For Tasmanian grandfather Tim Howard, his diagnosis of Spinocerebellar Ataxia Type 6, or SCA6, was very difficult to deal with.
After 58 years of living a very active lifestyle from playing AFL and running or riding his bike to and from work, Tim and his wife Fiona had no idea what was to come as his SCA6 progressed.
“I think Tim is one of one or two people with SCA6 in Tasmania but we’re unsure of the exact figure because there’s no local support group. We know it’s very rare,” Fiona said.
SCA6 is a hereditary neurological condition that slowly progresses. Tim experiences difficulty in his mobility, uncontrollable shakes, slurred speech and epileptic seizures.
“Tim’s diagnosis was a very difficult situation for us because no one knew anything about it and it was especially hard to find information here in Tasmania,” Fiona said.
“We went online just to get some information and we understood the basic medical background for it but we weren’t fully aware of how it was going to progress.”
What helped them was joining online support groups for people living with SCA6.
“From what we read, there was a high chance that Tim was going to be permanently using a wheelchair,” Fiona said.
“As time went on, Tim got worse and worse to a point where he couldn’t walk without an aide. We then became aware of the NDIS.”

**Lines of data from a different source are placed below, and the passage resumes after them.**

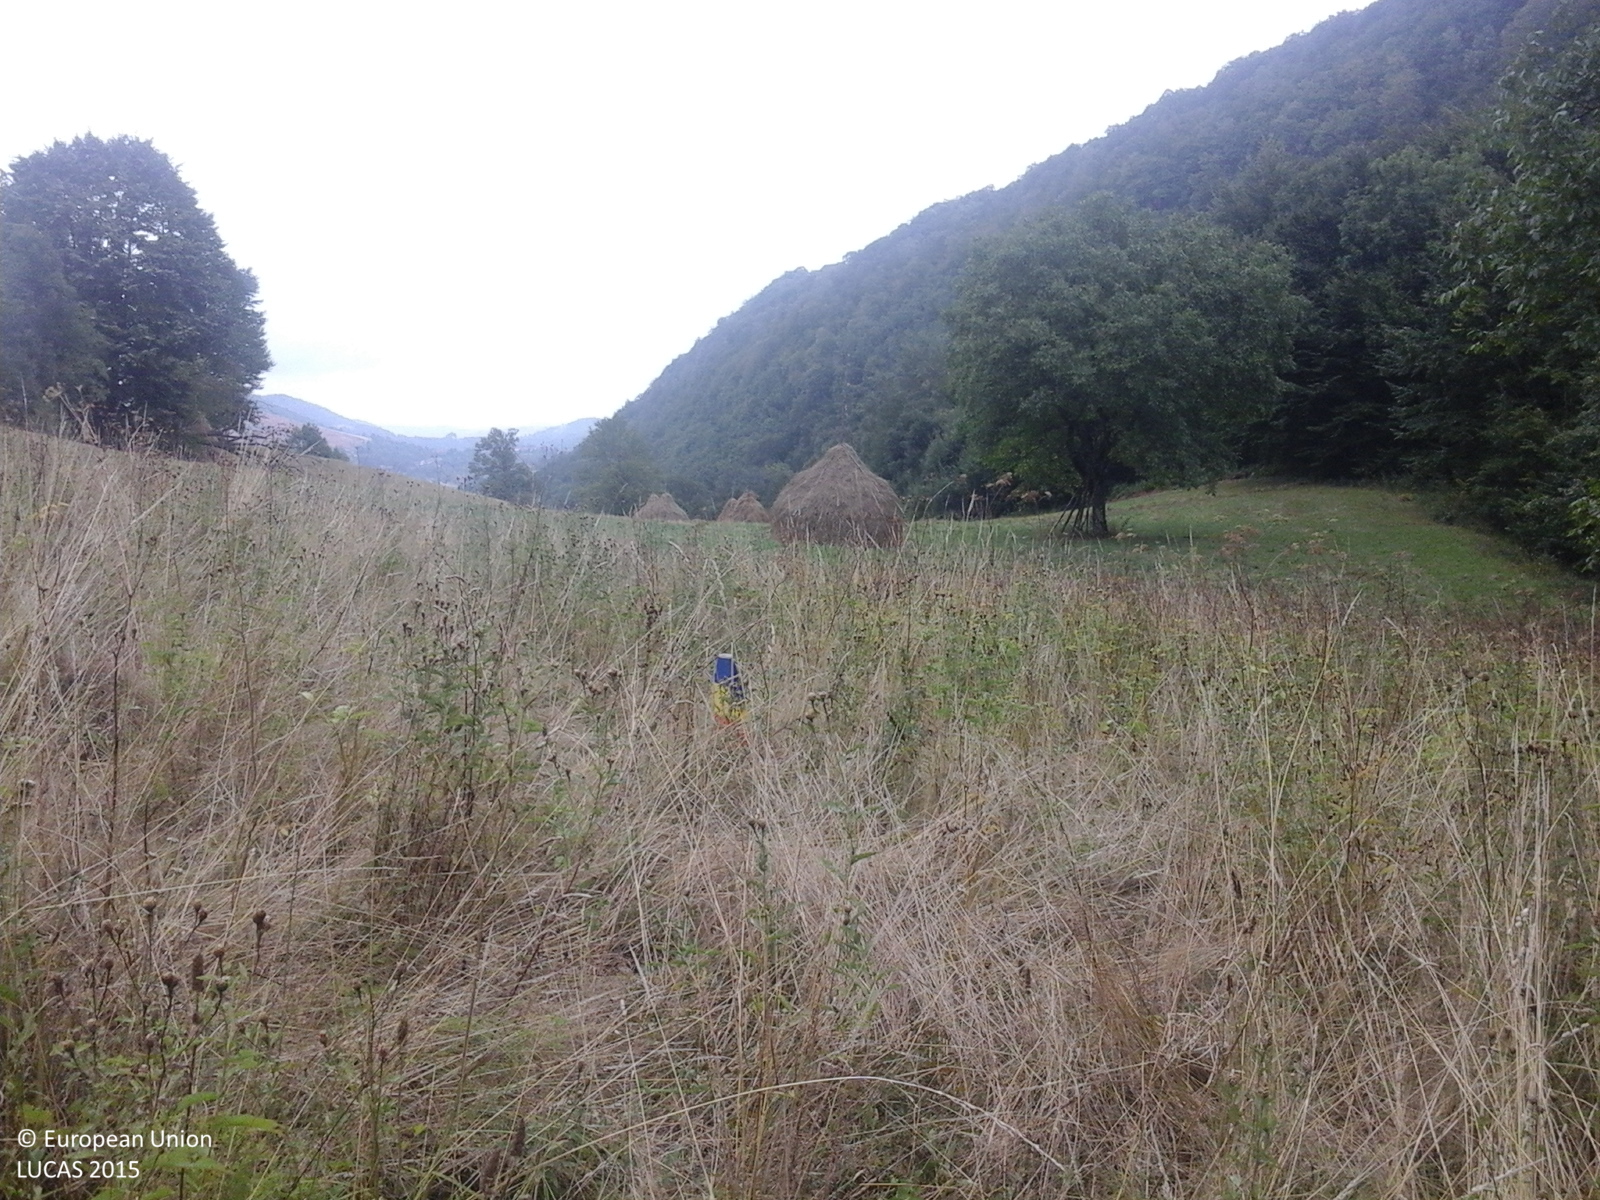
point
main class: Grassland
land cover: Grassland without tree/shrub cover
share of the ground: > 75 %
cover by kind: herbaceous plants 100 %
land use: Agriculture (excluding fallow land and kitchen gardens)
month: August
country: RO
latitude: 45.2420
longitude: 21.9477

“The NDIS has been great,” Tim said.
“Before I used to use a walker to get around but it was very tiring. I would need to take a lot of breaks.”
Tim now uses his NDIS supports for assistive technology, home modifications, physiotherapy, speech therapy and occupational therapy specialising in neurological conditions.
“The NDIS has put in a stair lift in our house so Tim can get on there with his power chair to actually leave the house. The NDIS also helped us level our house so Tim could move around his own backyard,” Fiona said.
“We feel very fortunate because we speak to other people living with SCA6 around the world and they get nothing compared to us. We are so grateful to be living where we are. Since joining the NDIS, we’ve been full steam ahead.”
For Tim, the best thing about the NDIS is he now has the freedom to just do things, like go to Bunnings.
“Tim loves going to Bunnings. It’s so easy for him now. Before he was slow but since we got a motorised wheelchair from the NDIS, he just goes and I lose him for half an hour because he is just enjoying himself!” Fiona said.
With three sons, five granddaughters and another grandchild on the way, Tim and Fiona can focus on living how they want to.
“Now we can do what Tim loves to do whether it’s fishing, being with his family or doing some travel.
None of this would have been possible if it wasn’t for the NDIS,” Fiona said.